Indoor Plumbing Fixtures & Appliances

Indoor Plumbing Fixtures and Appliances

Small Changes Make a Big Difference

A row of four men's urinals attached to a brick wall.

Caption plum:Urinals use less water than toilets

Common indoor fixtures and appliances include toilets, urinals, faucets and showerheads. Considerable water savings can be achieved by upgrading and modifying these technologies. In many cases, fixes are small and cheap. For example, aerators for faucets cost as little as $2 each and washers that prevent leaks cost pennies. (Industry-specific upgrades can also make a big dent on your water use.)

Toilets

Consider replacing inefficient toilets (often using more than 3.5 gallons per flush) with high-efficiency ones that use less than 1.6 gallons per flush. Dual flush toilets use even less water when removing liquid waste. If replacing toilets is not an option, existing toilet tanks can be retrofit with displacement devices to reduce per-flush use. (Use non-potable water sources for toilets and urinals as an additional water-saver).

Urinals

For good return on investment, replace urinals with models that use no more than one gallon per flush (low-flow, ultra low-flow and waterless urinals are available). Replacing one conventional urinal with a waterless model could save as much as 45,000 gallons in one year.

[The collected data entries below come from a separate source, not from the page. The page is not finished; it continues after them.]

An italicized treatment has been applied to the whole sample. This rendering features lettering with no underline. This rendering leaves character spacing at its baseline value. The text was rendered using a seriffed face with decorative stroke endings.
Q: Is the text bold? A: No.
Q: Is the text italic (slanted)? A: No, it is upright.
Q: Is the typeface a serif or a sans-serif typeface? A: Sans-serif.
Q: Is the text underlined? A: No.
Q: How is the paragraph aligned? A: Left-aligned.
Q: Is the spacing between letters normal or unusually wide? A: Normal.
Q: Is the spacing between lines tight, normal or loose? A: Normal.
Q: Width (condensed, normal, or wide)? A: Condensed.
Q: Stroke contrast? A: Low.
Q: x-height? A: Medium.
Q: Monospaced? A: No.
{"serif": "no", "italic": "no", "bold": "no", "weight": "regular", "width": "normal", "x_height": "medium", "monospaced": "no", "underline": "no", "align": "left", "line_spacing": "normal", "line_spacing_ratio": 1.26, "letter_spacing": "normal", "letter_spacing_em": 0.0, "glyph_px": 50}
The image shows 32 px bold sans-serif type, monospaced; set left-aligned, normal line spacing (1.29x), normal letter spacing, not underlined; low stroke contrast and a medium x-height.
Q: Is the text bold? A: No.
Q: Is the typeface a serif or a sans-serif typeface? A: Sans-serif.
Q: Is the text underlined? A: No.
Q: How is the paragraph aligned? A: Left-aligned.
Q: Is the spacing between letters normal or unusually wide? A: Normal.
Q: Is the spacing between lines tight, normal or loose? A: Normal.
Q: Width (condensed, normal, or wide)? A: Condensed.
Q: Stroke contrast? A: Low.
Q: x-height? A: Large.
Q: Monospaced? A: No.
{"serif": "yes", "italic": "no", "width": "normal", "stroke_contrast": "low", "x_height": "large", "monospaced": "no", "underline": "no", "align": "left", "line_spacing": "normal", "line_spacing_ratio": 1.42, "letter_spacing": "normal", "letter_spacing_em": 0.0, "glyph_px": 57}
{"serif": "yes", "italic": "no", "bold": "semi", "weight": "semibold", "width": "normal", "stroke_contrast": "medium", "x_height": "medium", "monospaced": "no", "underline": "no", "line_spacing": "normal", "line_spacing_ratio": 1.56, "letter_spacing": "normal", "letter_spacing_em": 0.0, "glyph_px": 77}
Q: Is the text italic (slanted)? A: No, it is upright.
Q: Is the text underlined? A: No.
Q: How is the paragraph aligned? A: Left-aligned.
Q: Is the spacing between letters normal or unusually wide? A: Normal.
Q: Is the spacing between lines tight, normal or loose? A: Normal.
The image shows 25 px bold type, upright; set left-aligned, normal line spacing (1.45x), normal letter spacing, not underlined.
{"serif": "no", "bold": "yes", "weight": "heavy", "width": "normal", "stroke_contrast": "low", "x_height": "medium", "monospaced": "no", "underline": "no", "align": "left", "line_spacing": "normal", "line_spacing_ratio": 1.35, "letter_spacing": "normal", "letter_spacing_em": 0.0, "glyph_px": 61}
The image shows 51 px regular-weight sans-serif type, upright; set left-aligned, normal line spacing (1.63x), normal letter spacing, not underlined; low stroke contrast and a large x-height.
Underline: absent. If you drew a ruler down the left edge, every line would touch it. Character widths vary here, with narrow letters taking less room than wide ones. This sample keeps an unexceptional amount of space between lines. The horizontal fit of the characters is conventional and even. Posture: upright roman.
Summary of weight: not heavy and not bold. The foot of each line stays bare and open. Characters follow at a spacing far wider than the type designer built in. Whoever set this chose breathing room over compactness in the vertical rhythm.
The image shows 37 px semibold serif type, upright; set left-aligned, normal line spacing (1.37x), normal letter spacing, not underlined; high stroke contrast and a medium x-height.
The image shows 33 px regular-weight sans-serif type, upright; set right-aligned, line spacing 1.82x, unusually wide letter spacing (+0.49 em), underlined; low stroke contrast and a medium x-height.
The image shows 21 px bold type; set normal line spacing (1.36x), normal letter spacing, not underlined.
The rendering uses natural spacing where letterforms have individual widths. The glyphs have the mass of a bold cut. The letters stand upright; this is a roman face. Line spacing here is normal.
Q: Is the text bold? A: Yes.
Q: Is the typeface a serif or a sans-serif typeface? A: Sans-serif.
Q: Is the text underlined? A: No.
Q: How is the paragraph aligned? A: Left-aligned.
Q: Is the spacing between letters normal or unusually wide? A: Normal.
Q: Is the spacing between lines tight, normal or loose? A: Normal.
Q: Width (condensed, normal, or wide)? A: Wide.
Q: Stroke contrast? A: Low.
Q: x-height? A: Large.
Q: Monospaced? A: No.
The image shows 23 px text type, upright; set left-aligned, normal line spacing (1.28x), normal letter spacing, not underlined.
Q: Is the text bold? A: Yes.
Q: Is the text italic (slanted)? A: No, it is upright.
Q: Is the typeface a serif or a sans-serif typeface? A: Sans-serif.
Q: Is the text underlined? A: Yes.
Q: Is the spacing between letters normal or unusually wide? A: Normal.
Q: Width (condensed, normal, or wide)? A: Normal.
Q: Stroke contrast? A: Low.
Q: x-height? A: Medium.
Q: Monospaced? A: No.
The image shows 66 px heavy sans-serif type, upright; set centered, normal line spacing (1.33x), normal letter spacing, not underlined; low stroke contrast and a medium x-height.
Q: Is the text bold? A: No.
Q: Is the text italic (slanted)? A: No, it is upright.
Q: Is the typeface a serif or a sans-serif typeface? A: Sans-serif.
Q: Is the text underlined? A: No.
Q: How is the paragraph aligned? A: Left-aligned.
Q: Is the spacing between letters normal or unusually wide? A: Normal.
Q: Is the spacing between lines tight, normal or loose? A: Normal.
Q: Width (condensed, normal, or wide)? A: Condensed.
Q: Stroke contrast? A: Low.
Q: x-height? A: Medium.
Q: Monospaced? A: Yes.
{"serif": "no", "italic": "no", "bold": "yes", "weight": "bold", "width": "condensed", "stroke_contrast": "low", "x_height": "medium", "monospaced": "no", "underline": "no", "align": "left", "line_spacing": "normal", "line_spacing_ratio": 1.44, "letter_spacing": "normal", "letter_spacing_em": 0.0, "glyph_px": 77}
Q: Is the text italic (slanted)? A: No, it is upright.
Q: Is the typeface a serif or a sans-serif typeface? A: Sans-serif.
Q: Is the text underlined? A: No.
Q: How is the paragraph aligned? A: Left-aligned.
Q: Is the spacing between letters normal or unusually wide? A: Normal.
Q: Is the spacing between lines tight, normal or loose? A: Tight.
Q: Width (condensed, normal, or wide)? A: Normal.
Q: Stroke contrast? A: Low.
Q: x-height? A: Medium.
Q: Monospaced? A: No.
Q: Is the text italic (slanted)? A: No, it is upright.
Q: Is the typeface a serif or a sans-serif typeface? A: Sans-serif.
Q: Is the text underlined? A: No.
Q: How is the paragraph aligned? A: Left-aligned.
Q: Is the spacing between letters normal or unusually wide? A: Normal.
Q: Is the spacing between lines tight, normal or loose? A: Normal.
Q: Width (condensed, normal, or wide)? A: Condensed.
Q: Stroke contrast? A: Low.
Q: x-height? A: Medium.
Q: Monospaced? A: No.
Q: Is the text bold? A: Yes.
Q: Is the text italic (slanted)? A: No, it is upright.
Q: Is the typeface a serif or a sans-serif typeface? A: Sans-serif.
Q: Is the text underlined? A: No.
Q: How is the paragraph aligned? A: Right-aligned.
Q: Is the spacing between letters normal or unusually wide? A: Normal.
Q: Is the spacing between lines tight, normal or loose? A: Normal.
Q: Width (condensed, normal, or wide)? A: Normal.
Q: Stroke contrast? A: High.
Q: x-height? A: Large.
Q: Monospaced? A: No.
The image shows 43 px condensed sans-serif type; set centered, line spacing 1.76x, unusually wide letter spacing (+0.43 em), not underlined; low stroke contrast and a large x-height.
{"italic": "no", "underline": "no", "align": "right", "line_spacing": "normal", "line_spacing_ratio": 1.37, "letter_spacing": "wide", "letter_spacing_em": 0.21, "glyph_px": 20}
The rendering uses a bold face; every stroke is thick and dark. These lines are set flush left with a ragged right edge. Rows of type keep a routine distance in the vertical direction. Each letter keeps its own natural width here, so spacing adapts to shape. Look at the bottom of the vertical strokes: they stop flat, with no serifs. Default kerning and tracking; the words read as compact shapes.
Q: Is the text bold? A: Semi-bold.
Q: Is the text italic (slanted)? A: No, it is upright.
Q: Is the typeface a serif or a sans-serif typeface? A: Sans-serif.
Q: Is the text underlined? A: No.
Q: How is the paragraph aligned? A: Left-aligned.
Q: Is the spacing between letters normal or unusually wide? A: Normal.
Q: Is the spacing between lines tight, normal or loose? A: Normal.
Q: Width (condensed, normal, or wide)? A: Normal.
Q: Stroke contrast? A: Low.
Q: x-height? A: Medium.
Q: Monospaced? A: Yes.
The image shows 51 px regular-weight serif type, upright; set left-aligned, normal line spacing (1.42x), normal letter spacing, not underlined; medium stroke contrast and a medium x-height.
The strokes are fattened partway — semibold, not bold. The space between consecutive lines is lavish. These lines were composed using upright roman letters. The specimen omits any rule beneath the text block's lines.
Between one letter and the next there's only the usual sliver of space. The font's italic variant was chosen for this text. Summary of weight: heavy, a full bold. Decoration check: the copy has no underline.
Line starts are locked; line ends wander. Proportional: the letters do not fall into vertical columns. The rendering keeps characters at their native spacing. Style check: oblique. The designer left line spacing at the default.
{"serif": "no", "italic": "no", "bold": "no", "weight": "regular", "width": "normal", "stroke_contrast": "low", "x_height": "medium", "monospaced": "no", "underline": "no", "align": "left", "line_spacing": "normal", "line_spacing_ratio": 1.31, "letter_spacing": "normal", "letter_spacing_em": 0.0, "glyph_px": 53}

As urinals generally use less water than toilets, always provide urinals in men's restrooms to reduce water consumption. Even a small business with a single-toilet men's room can achieve savings by adding a urinal.

Faucets

Install automatic low-flow faucets with quick shut-off settings (either infrared or spring models) — water use by taps can reduce by 50 percent. Make sure older faucets are fit with aerators.

Showerheads

Low-flow shower heads can cost under $10, yet pay for themselves in the first year. For hotels and other establishments with many showers, payback time is short and long-term cost benefits are large. The most water-efficient units will use no more than 1.5 gallons per minute.

Heating and cooling

Once-through cooling systems that use a continuous flow of water are wasteful. By replacing your once-through cooling with an air-cooled system or cooling towers, you can potentially eliminate all cooling-related water use. Your cooling towers should be equipped with overflow sensors and achieve at least five cycles of concentration.

For boilers, reuse steam condensate when possible and install leak-detection devices (such as makeup meters). Consult a Valley heating and cooling professional for customized upgrades.